Sir Mo Farah CBE joined more than 200 representatives from schools across LB Hounslow to ‘champion’ the role that physical activity and sport plays in the lives of young people across the borough.
The annual conference, which was hosted by Sport Impact and funded by Hounslow Council, promotes the importance of children being active and developing a lifelong love of activity and sport. The event was held at Twickenham Stoop Stadium to inspire teachers through a variety of workshops.
As a child Mo Farah attended Isleworth and Syon School, and Feltham Community College. Now Sir Mo Farah CBE, he is a multiple Olympic, World and European champion. Since 2017 he has also been an ambassador for Save the Children He led a fundraising campaign for the charity’s East Africa Appeal and donated £100,000 himself from the Mo Farah Foundation.

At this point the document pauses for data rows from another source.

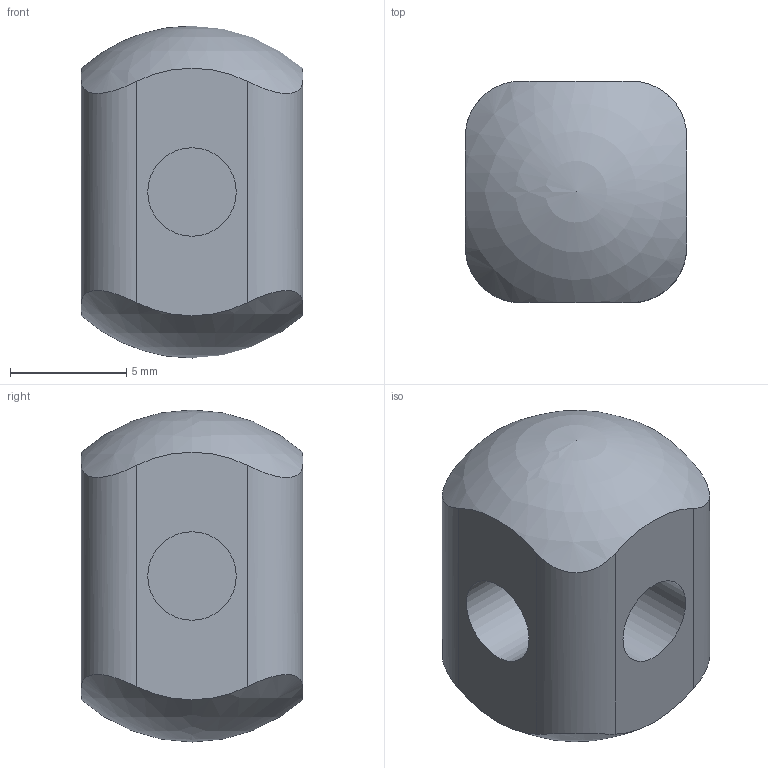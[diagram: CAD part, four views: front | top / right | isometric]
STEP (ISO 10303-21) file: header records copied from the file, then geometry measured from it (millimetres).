
FILE_DESCRIPTION(/* description */ (''),/* implementation_level */ '2;1');
FILE_NAME(/* name */ 'MCP Centre Block II.step',/* time_stamp */ '2022-08-07T18:12:43+01:00',/* author */ (''),/* organization */ (''),/* preprocessor_version */ 'ST-DEVELOPER v18.1',/* originating_system */ 'Autodesk Translation Framework v10.10.0.1391',/* authorisation */ '');
FILE_SCHEMA (('AUTOMOTIVE_DESIGN { 1 0 10303 214 3 1 1 }'));
Length unit declared in the file: millimetre
Products named in the file (1): MCP Centre Block II
Bounding box: 9.5 x 9.5 x 14.25 mm (x, y, z)
Volume: 901.6 mm3; surface area: 667.2 mm2
Topology: 1 solids, 1 shells, 18 faces, 46 edges, 28 vertices
Faces by surface type: cylinder 8, plane 8, sphere 2
Full cylindrical faces by diameter (mm): 3.8 x4
Entity records: 684 total; most frequent: CARTESIAN_POINT 203, DIRECTION 98, ORIENTED_EDGE 88, EDGE_CURVE 44, AXIS2_PLACEMENT_3D 43, VERTEX_POINT 28, CIRCLE 24, EDGE_LOOP 22

For many he is Britain’s greatest ever athlete having accumulated ten global titles which includes the ‘double double’ of gold medals over 5,000m and 10,000m at both the 2012 and 2016 Olympic Games. He holds numerous European and British Records and has the World Bests for two miles indoors (8:03.40) and the One Hour Run (21,330m).

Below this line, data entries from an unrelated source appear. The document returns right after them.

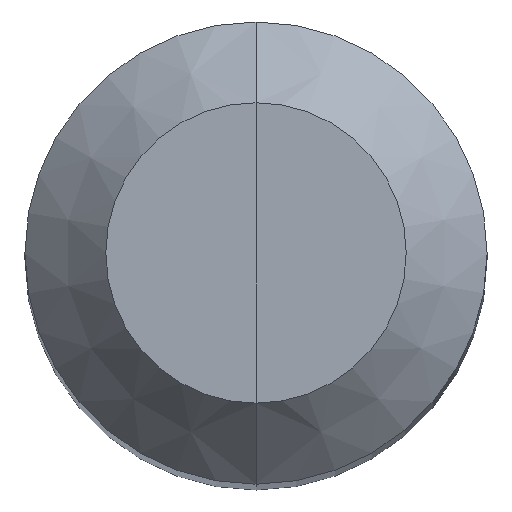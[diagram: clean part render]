
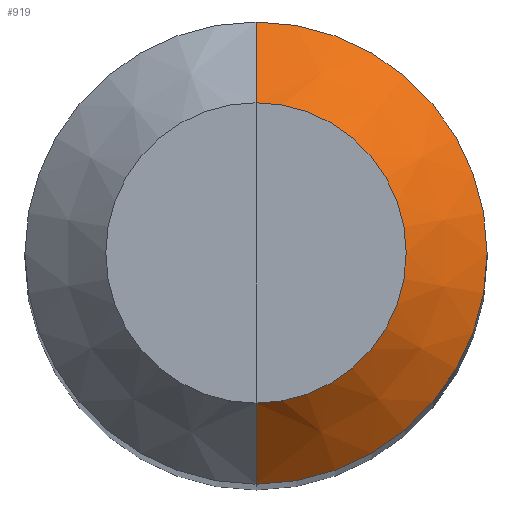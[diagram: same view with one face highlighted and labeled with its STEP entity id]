
A CAD part, top view. The second image highlights one B-rep face of the part: STEP entity #919.
In plain terms, the highlighted conical face has half-angle 45 degrees and reference radius 2 mm.
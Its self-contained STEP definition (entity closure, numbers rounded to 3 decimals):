
#805 = CYLINDRICAL_SURFACE('',#806,2.);
#806 = AXIS2_PLACEMENT_3D('',#807,#808,#809);
#807 = CARTESIAN_POINT('',(0.,0.,-29.477));
#808 = DIRECTION('',(0.,0.,1.));
#809 = DIRECTION('',(0.,-1.,0.));
#843 = VERTEX_POINT('',#844);
#844 = CARTESIAN_POINT('',(0.,2.,-0.7));
#870 = EDGE_CURVE('',#871,#843,#873,.T.);
#871 = VERTEX_POINT('',#872);
#872 = CARTESIAN_POINT('',(0.,-2.,-0.7));
#873 = SURFACE_CURVE('',#874,(#879,#886),.PCURVE_S1.);
#874 = CIRCLE('',#875,2.);
#875 = AXIS2_PLACEMENT_3D('',#876,#877,#878);
#876 = CARTESIAN_POINT('',(0.,0.,-0.7));
#877 = DIRECTION('',(0.,0.,1.));
#878 = DIRECTION('',(0.,-1.,0.));
#879 = PCURVE('',#805,#880);
#880 = DEFINITIONAL_REPRESENTATION('',(#881),#885);
#881 = LINE('',#882,#883);
#882 = CARTESIAN_POINT('',(0.,28.777));
#883 = VECTOR('',#884,1.);
#884 = DIRECTION('',(1.,0.));
#885 = ( GEOMETRIC_REPRESENTATION_CONTEXT(2) 
PARAMETRIC_REPRESENTATION_CONTEXT() REPRESENTATION_CONTEXT('2D SPACE',''
  ) );
#886 = PCURVE('',#887,#892);
#887 = CONICAL_SURFACE('',#888,2.,0.785);
#888 = AXIS2_PLACEMENT_3D('',#889,#890,#891);
#889 = CARTESIAN_POINT('',(0.,0.,-0.7));
#890 = DIRECTION('',(-0.,-0.,-1.));
#891 = DIRECTION('',(0.,-1.,0.));
#892 = DEFINITIONAL_REPRESENTATION('',(#893),#897);
#893 = LINE('',#894,#895);
#894 = CARTESIAN_POINT('',(-0.,-0.));
#895 = VECTOR('',#896,1.);
#896 = DIRECTION('',(-1.,-0.));
#897 = ( GEOMETRIC_REPRESENTATION_CONTEXT(2) 
PARAMETRIC_REPRESENTATION_CONTEXT() REPRESENTATION_CONTEXT('2D SPACE',''
  ) );
#919 = ADVANCED_FACE('',(#920),#887,.T.);
#920 = FACE_BOUND('',#921,.T.);
#921 = EDGE_LOOP('',(#922,#923,#951,#980));
#922 = ORIENTED_EDGE('',*,*,#870,.T.);
#923 = ORIENTED_EDGE('',*,*,#924,.T.);
#924 = EDGE_CURVE('',#843,#925,#927,.T.);
#925 = VERTEX_POINT('',#926);
#926 = CARTESIAN_POINT('',(0.,1.3,0.));
#927 = SURFACE_CURVE('',#928,(#932,#939),.PCURVE_S1.);
#928 = LINE('',#929,#930);
#929 = CARTESIAN_POINT('',(0.,2.,-0.7));
#930 = VECTOR('',#931,1.);
#931 = DIRECTION('',(0.,-0.707,0.707)
  );
#932 = PCURVE('',#887,#933);
#933 = DEFINITIONAL_REPRESENTATION('',(#934),#938);
#934 = LINE('',#935,#936);
#935 = CARTESIAN_POINT('',(-3.142,-0.));
#936 = VECTOR('',#937,1.);
#937 = DIRECTION('',(-0.,-1.));
#938 = ( GEOMETRIC_REPRESENTATION_CONTEXT(2) 
PARAMETRIC_REPRESENTATION_CONTEXT() REPRESENTATION_CONTEXT('2D SPACE',''
  ) );
#939 = PCURVE('',#940,#945);
#940 = CONICAL_SURFACE('',#941,2.,0.785);
#941 = AXIS2_PLACEMENT_3D('',#942,#943,#944);
#942 = CARTESIAN_POINT('',(0.,0.,-0.7));
#943 = DIRECTION('',(-0.,-0.,-1.));
#944 = DIRECTION('',(0.,-1.,0.));
#945 = DEFINITIONAL_REPRESENTATION('',(#946),#950);
#946 = LINE('',#947,#948);
#947 = CARTESIAN_POINT('',(3.142,-0.));
#948 = VECTOR('',#949,1.);
#949 = DIRECTION('',(0.,-1.));
#950 = ( GEOMETRIC_REPRESENTATION_CONTEXT(2) 
PARAMETRIC_REPRESENTATION_CONTEXT() REPRESENTATION_CONTEXT('2D SPACE',''
  ) );
#951 = ORIENTED_EDGE('',*,*,#952,.F.);
#952 = EDGE_CURVE('',#953,#925,#955,.T.);
#953 = VERTEX_POINT('',#954);
#954 = CARTESIAN_POINT('',(0.,-1.3,0.));
#955 = SURFACE_CURVE('',#956,(#961,#968),.PCURVE_S1.);
#956 = CIRCLE('',#957,1.3);
#957 = AXIS2_PLACEMENT_3D('',#958,#959,#960);
#958 = CARTESIAN_POINT('',(0.,0.,0.));
#959 = DIRECTION('',(0.,0.,1.));
#960 = DIRECTION('',(0.,-1.,0.));
#961 = PCURVE('',#887,#962);
#962 = DEFINITIONAL_REPRESENTATION('',(#963),#967);
#963 = LINE('',#964,#965);
#964 = CARTESIAN_POINT('',(-0.,-0.7));
#965 = VECTOR('',#966,1.);
#966 = DIRECTION('',(-1.,-0.));
#967 = ( GEOMETRIC_REPRESENTATION_CONTEXT(2) 
PARAMETRIC_REPRESENTATION_CONTEXT() REPRESENTATION_CONTEXT('2D SPACE',''
  ) );
#968 = PCURVE('',#969,#974);
#969 = PLANE('',#970);
#970 = AXIS2_PLACEMENT_3D('',#971,#972,#973);
#971 = CARTESIAN_POINT('',(0.,0.,0.));
#972 = DIRECTION('',(0.,0.,1.));
#973 = DIRECTION('',(0.,-1.,0.));
#974 = DEFINITIONAL_REPRESENTATION('',(#975),#979);
#975 = CIRCLE('',#976,1.3);
#976 = AXIS2_PLACEMENT_2D('',#977,#978);
#977 = CARTESIAN_POINT('',(0.,0.));
#978 = DIRECTION('',(1.,0.));
#979 = ( GEOMETRIC_REPRESENTATION_CONTEXT(2) 
PARAMETRIC_REPRESENTATION_CONTEXT() REPRESENTATION_CONTEXT('2D SPACE',''
  ) );
#980 = ORIENTED_EDGE('',*,*,#981,.F.);
#981 = EDGE_CURVE('',#871,#953,#982,.T.);
#982 = SURFACE_CURVE('',#983,(#987,#994),.PCURVE_S1.);
#983 = LINE('',#984,#985);
#984 = CARTESIAN_POINT('',(0.,-2.,-0.7));
#985 = VECTOR('',#986,1.);
#986 = DIRECTION('',(0.,0.707,0.707));
#987 = PCURVE('',#887,#988);
#988 = DEFINITIONAL_REPRESENTATION('',(#989),#993);
#989 = LINE('',#990,#991);
#990 = CARTESIAN_POINT('',(-0.,-0.));
#991 = VECTOR('',#992,1.);
#992 = DIRECTION('',(-0.,-1.));
#993 = ( GEOMETRIC_REPRESENTATION_CONTEXT(2) 
PARAMETRIC_REPRESENTATION_CONTEXT() REPRESENTATION_CONTEXT('2D SPACE',''
  ) );
#994 = PCURVE('',#940,#995);
#995 = DEFINITIONAL_REPRESENTATION('',(#996),#1000);
#996 = LINE('',#997,#998);
#997 = CARTESIAN_POINT('',(0.,-0.));
#998 = VECTOR('',#999,1.);
#999 = DIRECTION('',(0.,-1.));
#1000 = ( GEOMETRIC_REPRESENTATION_CONTEXT(2) 
PARAMETRIC_REPRESENTATION_CONTEXT() REPRESENTATION_CONTEXT('2D SPACE',''
  ) );

He lives and trains in South West London with his wife and their four children. He famously dedicated each of his four Olympic gold medals to his four children.
Image above: Sir Mo Farah at the sports conference organised by Sport Impact and funded by Hounslow Council
Mo wanted to play for Arsenal before becoming a runner
At the conference he spoke about his incredible journey from local pupil to sporting legend. He revealed earlier this year that when he was young he wanted to play football professionally, for Arsenal.
“I would have loved to play for Arsenal, but I was never good enough” he told The Guardian. in January. “I played at school and for the local club until I was 14, but I was only good because I could cross the ball and run forward and run back. I didn’t have any other skills. I joined a running club instead.”
He represented Hounslow at cross-country in the London Youth Games.
His athletic talent was first identified by then P.E teacher Alan Watkinson, who is now Director of Sport Impact. He said:
“We were delighted to host more than 200 people from the education and sport sector at the Sport Impact conference last Wednesday. The overriding message was the need to ensure children from all backgrounds had full access to opportunities to be physically active.
“This has never been more important because of the pandemic and we hope that delegates had some excellent insight into, not only why we need to do this, but how they might apply this to their schools. It was great to be able to access some outstanding key-note speakers and to round the day off with an interview with my famous ex-pupil Sir Mo Farah. That was the icing on the cake!”